This is the 5th entry of Scalaz Advent Calendar 2012.
During the months of December, tech-savvy geeks in Japan take turns to post themed blog articles, known as the "Advent Calendar". For last year's Scala Advent Calendar 2011 I translated Eric Torreborre's post covering The Essence of Iterator Pattern. It was somewhat of a calculated move, knowing Japanese fondness for functional programming articles. Another selfish motive was that some of the concept would seep in to my thickness as I was translating the post word by word. In hindsight, both goals were achieved handsomely thanks to the quality of both Jeremy Gibbons, Bruno Oliveira and Eric's work. This seeped in knowledge was probably the secret sauce behind the learning Scalaz series that I worked on this year.

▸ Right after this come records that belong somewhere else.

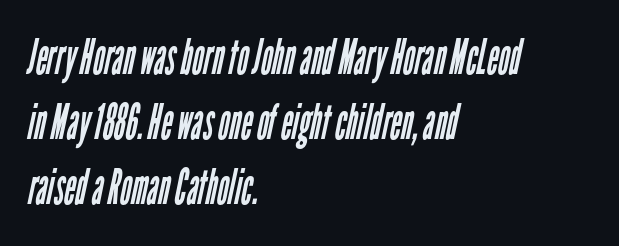
Q: Is the text bold? A: No.
Q: Is the typeface a serif or a sans-serif typeface? A: Sans-serif.
Q: Is the text underlined? A: No.
Q: How is the paragraph aligned? A: Left-aligned.
Q: Is the spacing between letters normal or unusually wide? A: Normal.
Q: Is the spacing between lines tight, normal or loose? A: Normal.
Q: Width (condensed, normal, or wide)? A: Condensed.
Q: Stroke contrast? A: Low.
Q: x-height? A: Medium.
Q: Monospaced? A: No.
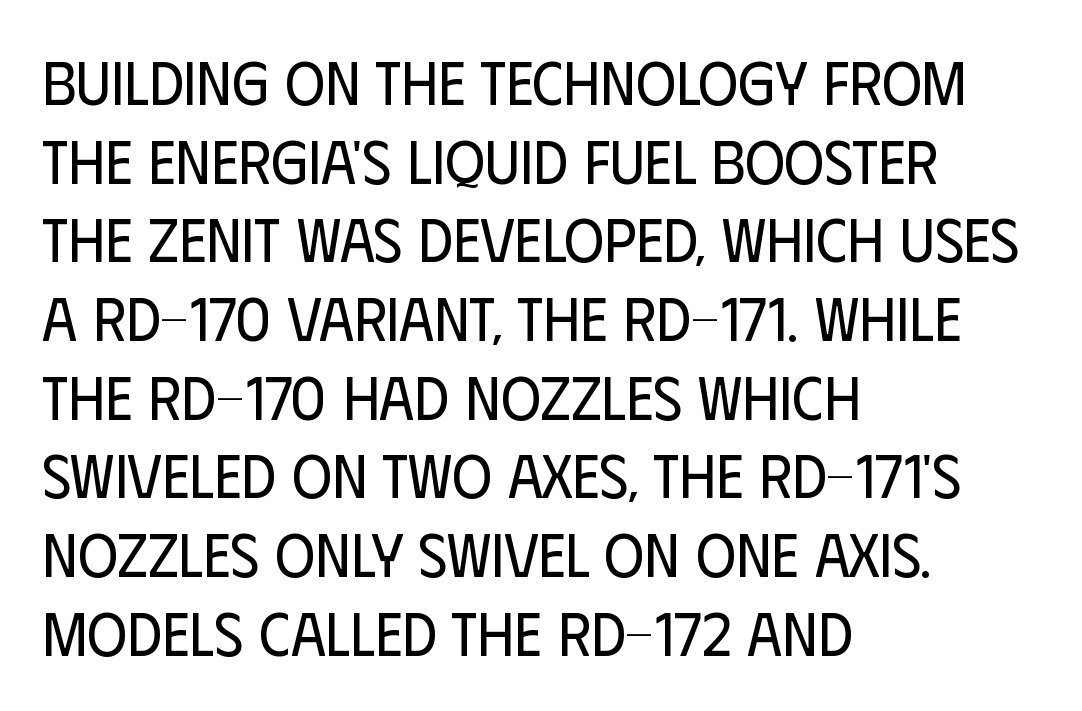
Q: Is the text bold? A: No.
Q: Is the text italic (slanted)? A: No, it is upright.
Q: Is the typeface a serif or a sans-serif typeface? A: Sans-serif.
Q: Is the text underlined? A: No.
Q: How is the paragraph aligned? A: Left-aligned.
Q: Is the spacing between letters normal or unusually wide? A: Normal.
Q: Is the spacing between lines tight, normal or loose? A: Normal.
Q: Width (condensed, normal, or wide)? A: Condensed.
Q: Stroke contrast? A: Low.
Q: x-height? A: Large.
Q: Monospaced? A: No.
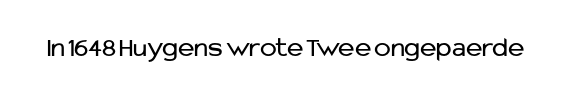
{"serif": "no", "italic": "no", "bold": "no", "weight": "regular", "width": "normal", "stroke_contrast": "low", "x_height": "medium", "monospaced": "no", "underline": "no", "letter_spacing": "normal", "letter_spacing_em": 0.0, "glyph_px": 28}

As covered in learning Scalaz day 12 Scalaz 7 already included product
and compose
methods in typeclass instances as well as Traverse
. It even has the word count example from the paper. What I realized missing was the value-level composition. One of the interesting points from the paper was "composition of applicative functors," which enables a kind of modular programming.
By "applicative functors" Gibbons and Oliveira actually mean composition of applicative functions, not just the typeclass instances. This is evident in the following snippet from the paper:
data (m ⊠ n) a = Prod { pfst :: m a, psnd :: n a }
(⊗) :: (Functor m, Functor n) ⇒ (a → m b) → (a → n b) → (a → (m ⊠ n) b)
(f ⊗ g) x = Prod(f x)(gx)
The algebraic data type ⊠
is the type-level product, while the infix function ⊗
is the value-level product of two applicative functions, which returns applicative function of type a → (m ⊠ n)
. In other words, the programmer would construct functions that return an applicative functor, and the type-level compositions are done automatically.